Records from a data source
━━━━━━━━
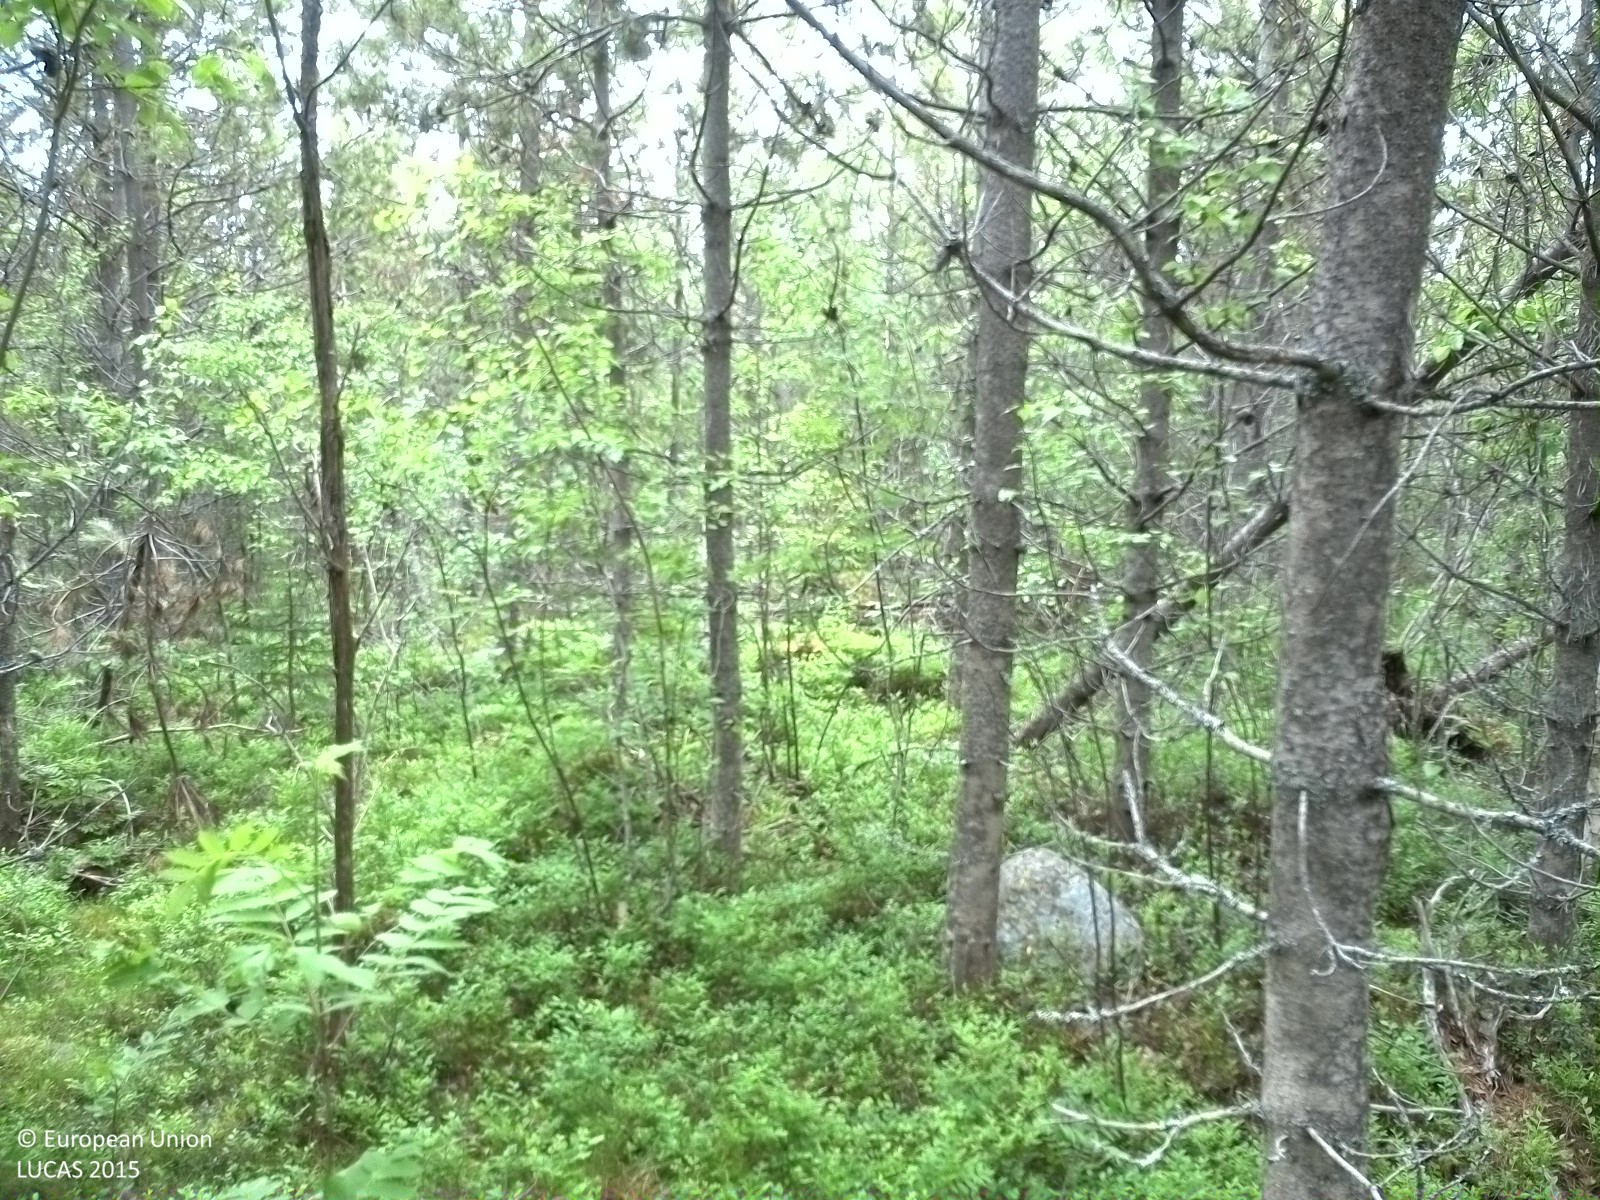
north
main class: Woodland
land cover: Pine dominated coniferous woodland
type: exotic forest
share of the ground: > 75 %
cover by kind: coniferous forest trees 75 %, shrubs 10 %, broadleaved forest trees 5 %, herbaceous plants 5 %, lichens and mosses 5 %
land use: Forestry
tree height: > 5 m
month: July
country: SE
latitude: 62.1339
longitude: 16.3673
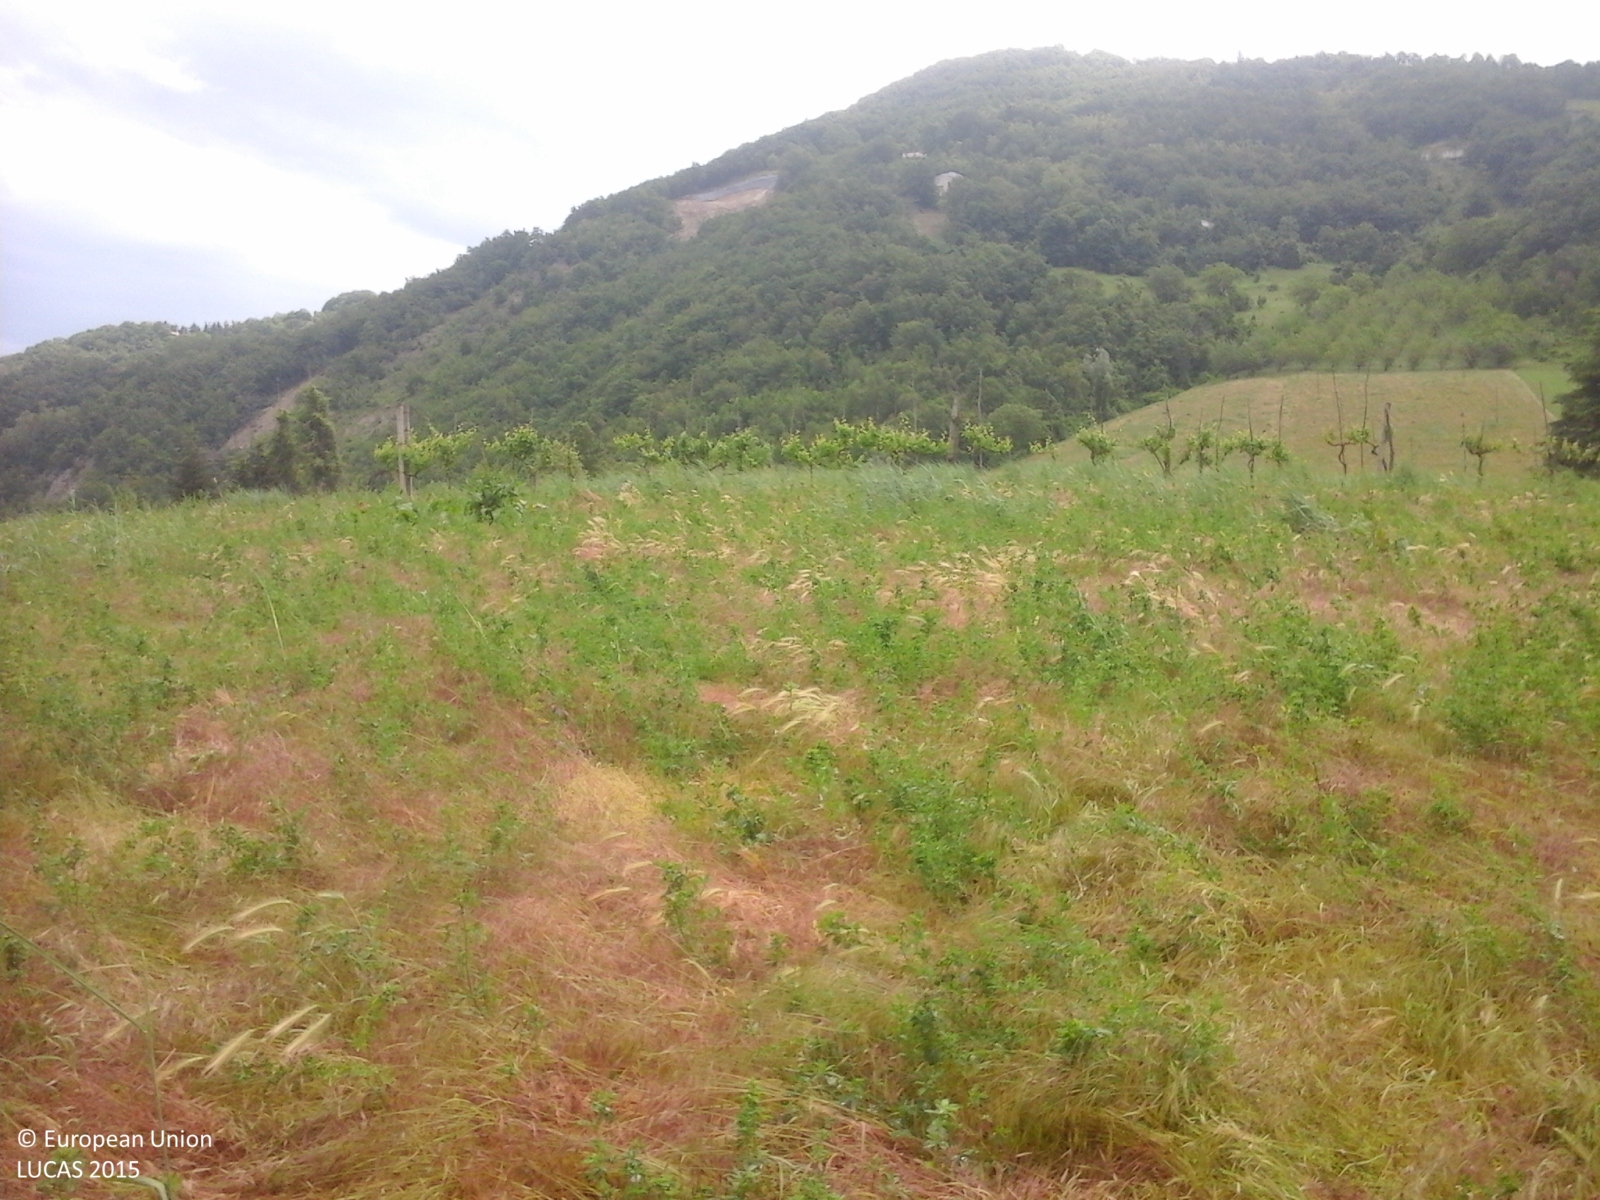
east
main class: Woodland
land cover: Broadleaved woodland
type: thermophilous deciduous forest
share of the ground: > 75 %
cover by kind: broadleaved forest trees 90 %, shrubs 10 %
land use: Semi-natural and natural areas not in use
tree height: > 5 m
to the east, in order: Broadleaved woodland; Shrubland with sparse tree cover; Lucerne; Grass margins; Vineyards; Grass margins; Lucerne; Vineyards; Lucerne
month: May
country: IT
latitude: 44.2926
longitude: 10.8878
━━━━━━━━
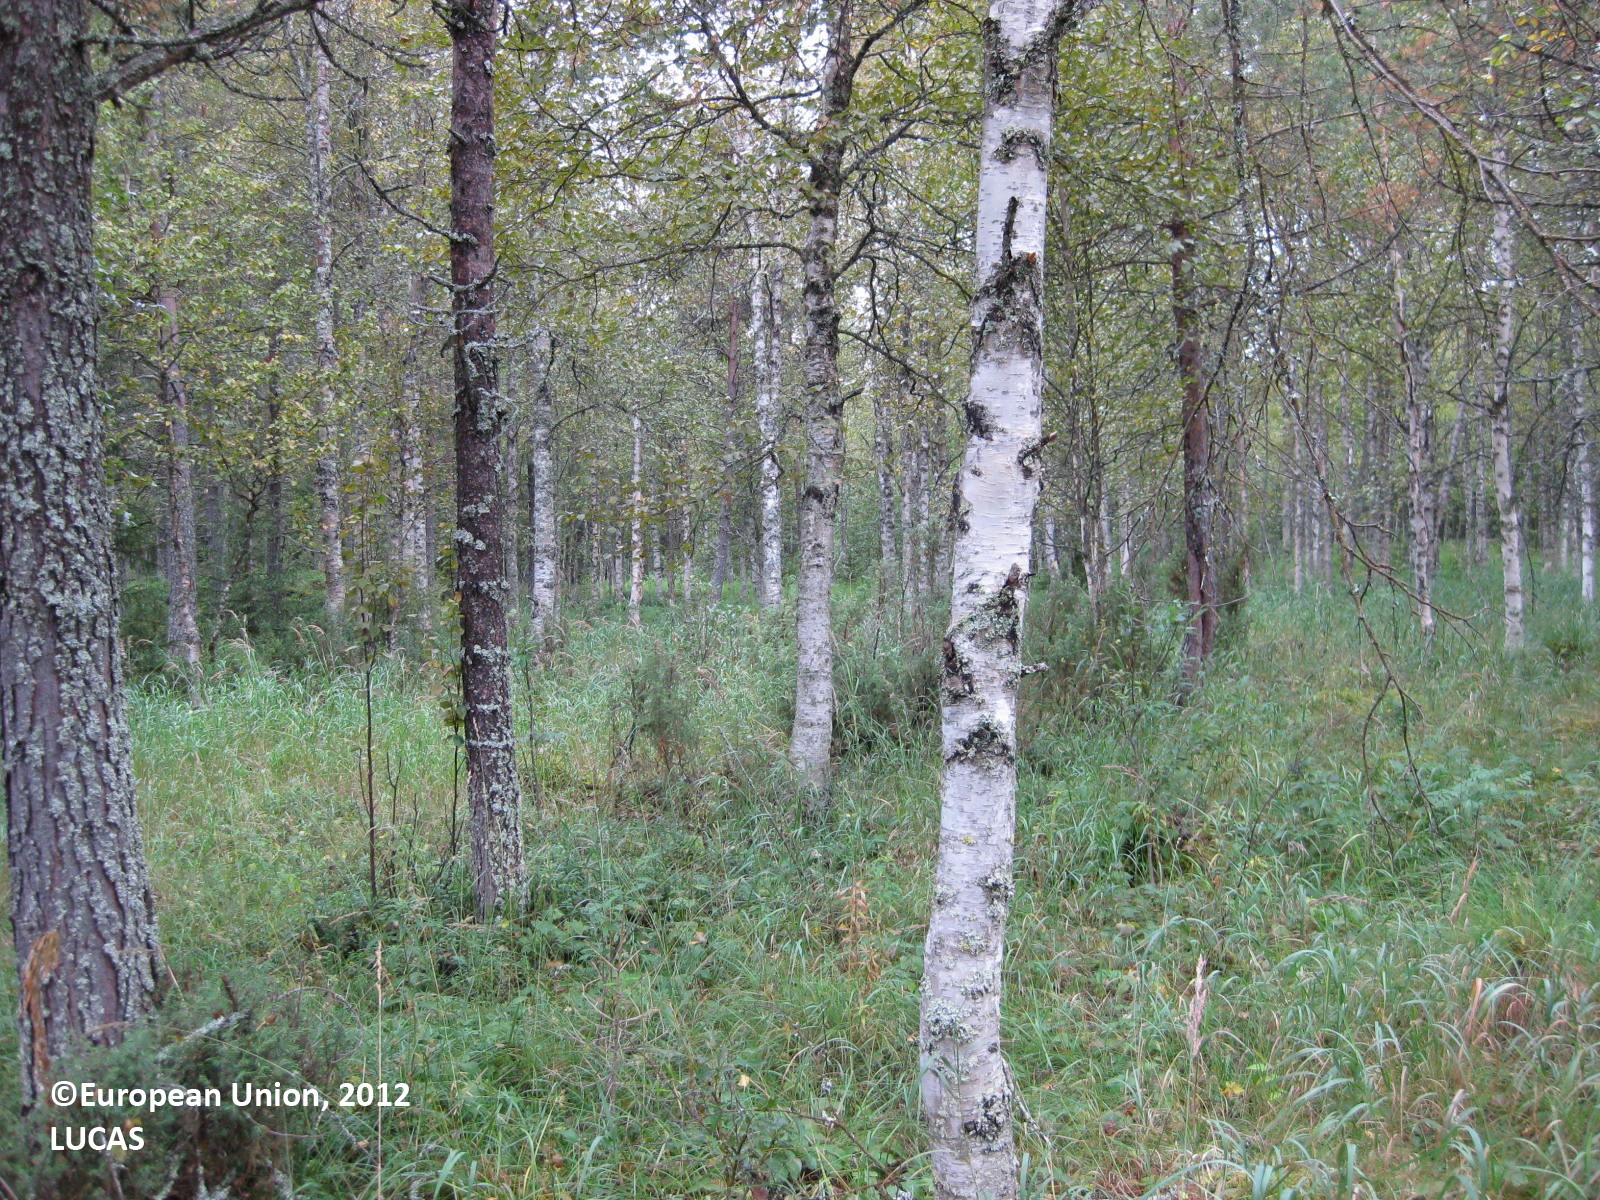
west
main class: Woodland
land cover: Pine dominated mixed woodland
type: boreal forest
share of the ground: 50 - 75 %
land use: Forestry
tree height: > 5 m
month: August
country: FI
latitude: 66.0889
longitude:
━━━━━━━━
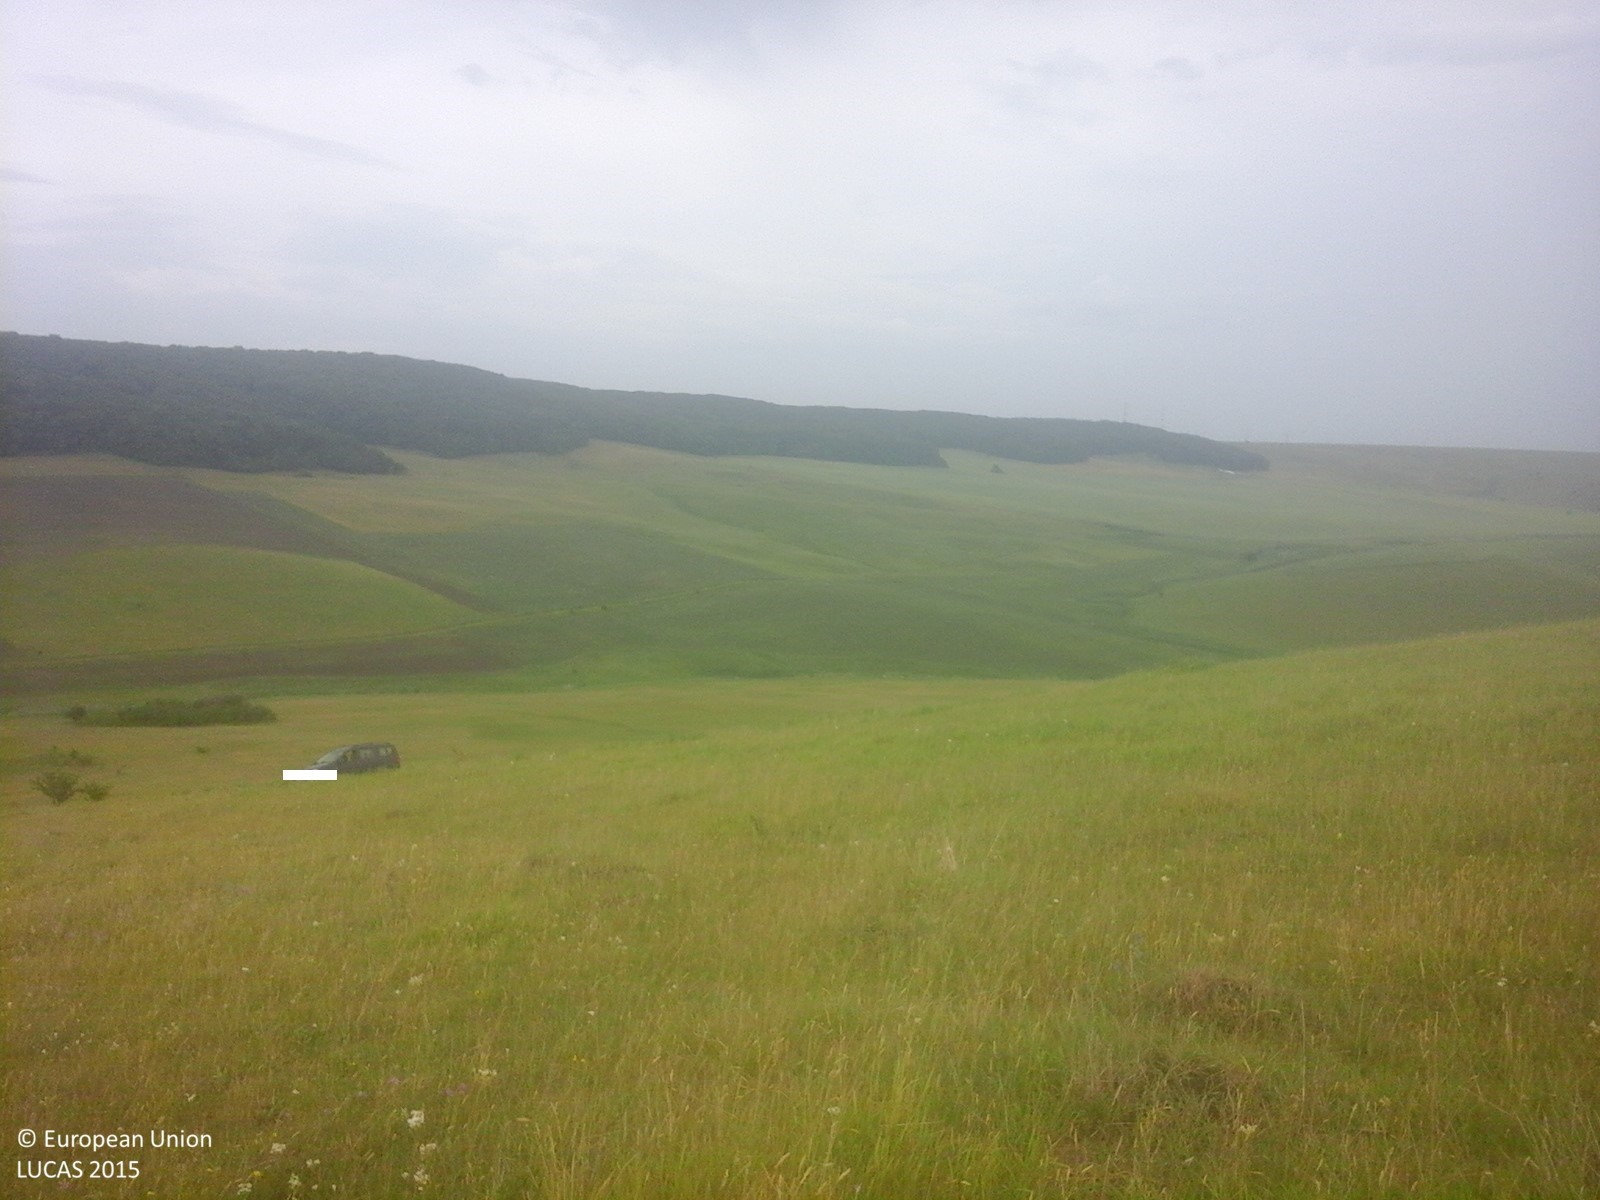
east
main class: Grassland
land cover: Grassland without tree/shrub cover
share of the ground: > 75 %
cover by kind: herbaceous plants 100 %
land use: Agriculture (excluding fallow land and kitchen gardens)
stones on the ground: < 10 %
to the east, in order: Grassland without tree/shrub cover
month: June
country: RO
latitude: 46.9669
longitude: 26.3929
━━━━━━━━
### Exercise details:
Repeat only the stretch of data above that runs from the line with "cover by kind: coniferous" to the line with "type: thermophilous deciduous forest". Keep both end lines; exclude pictures.

### Reply:
cover by kind: coniferous forest trees 75 %, shrubs 10 %, broadleaved forest trees 5 %, herbaceous plants 5 %, lichens and mosses 5 %
land use: Forestry
tree height: > 5 m
month: July
country: SE
latitude: 62.1339
longitude: 16.3673
east
main class: Woodland
land cover: Broadleaved woodland
type: thermophilous deciduous forest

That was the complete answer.